For production observability prefer [`Amarula.Telemetry`](lib/amarula/telemetry.ex)
(structured `:telemetry` events) over log scraping.

## Documentation

- [`Amarula`](lib/amarula.ex) — the public API and entry point
- [`docs/INFRASTRUCTURE.md`](https://github.com/tubedude/amarula/blob/main/docs/INFRASTRUCTURE.md) — process model, supervision
  tree, and send/ack/crash semantics (the living architecture reference)
- [`docs/`](https://github.com/tubedude/amarula/tree/main/docs) — design/port plans (point-in-time)
- [`AGENTS.md`](https://github.com/tubedude/amarula/blob/main/AGENTS.md) — Elixir coding guidelines for this codebase

## Development

```bash
mix deps.get        # install dependencies
mix compile         # compile
mix test            # run the test suite
mix format          # format
mix credo           # lint
mix dialyzer        # type checking
```

After cloning, enable the shared git hooks once so commits are format-checked
locally (the same check CI runs), instead of finding out in CI:

```bash
git config core.hooksPath .githooks   # runs `mix format --check-formatted` pre-commit
```

### Protocol Buffers

When the WhatsApp protocol definitions in `proto/wa_proto.proto` change,
recompile them:

```bash
protoc -I proto --elixir_out=package_prefix=amarula.protocol:lib/amarula/protocol/proto wa_proto.proto
```

This regenerates `lib/amarula/protocol/proto/wa_proto.pb.ex` under the
`Amarula.Protocol.Proto.*` namespace.

## License & credits

Amarula is released under the [MIT License](LICENSE), © 2026 Roberto Trevisan.
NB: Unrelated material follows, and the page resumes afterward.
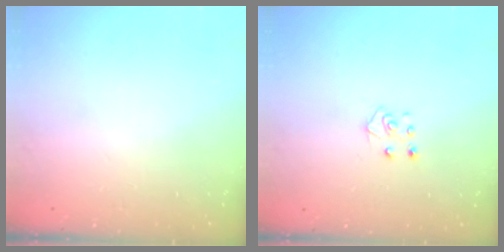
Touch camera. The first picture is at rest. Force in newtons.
{"total": 4.8, "press": 4.8, "slide": 0.4}

It is a port of [Baileys](https://github.com/WhiskeySockets/Baileys) (© 2025
Rajeh Taher/WhiskeySockets), also MIT-licensed — that license permits this use,
and Baileys' copyright + permission notice are retained in [LICENSE](LICENSE) and
[NOTICE](NOTICE) as it requires. Huge thanks to the Baileys authors for the
reference implementation.

**Unofficial.** Not affiliated with, endorsed by, or sponsored by WhatsApp or
Meta. Use it on accounts you control and in line with WhatsApp's terms.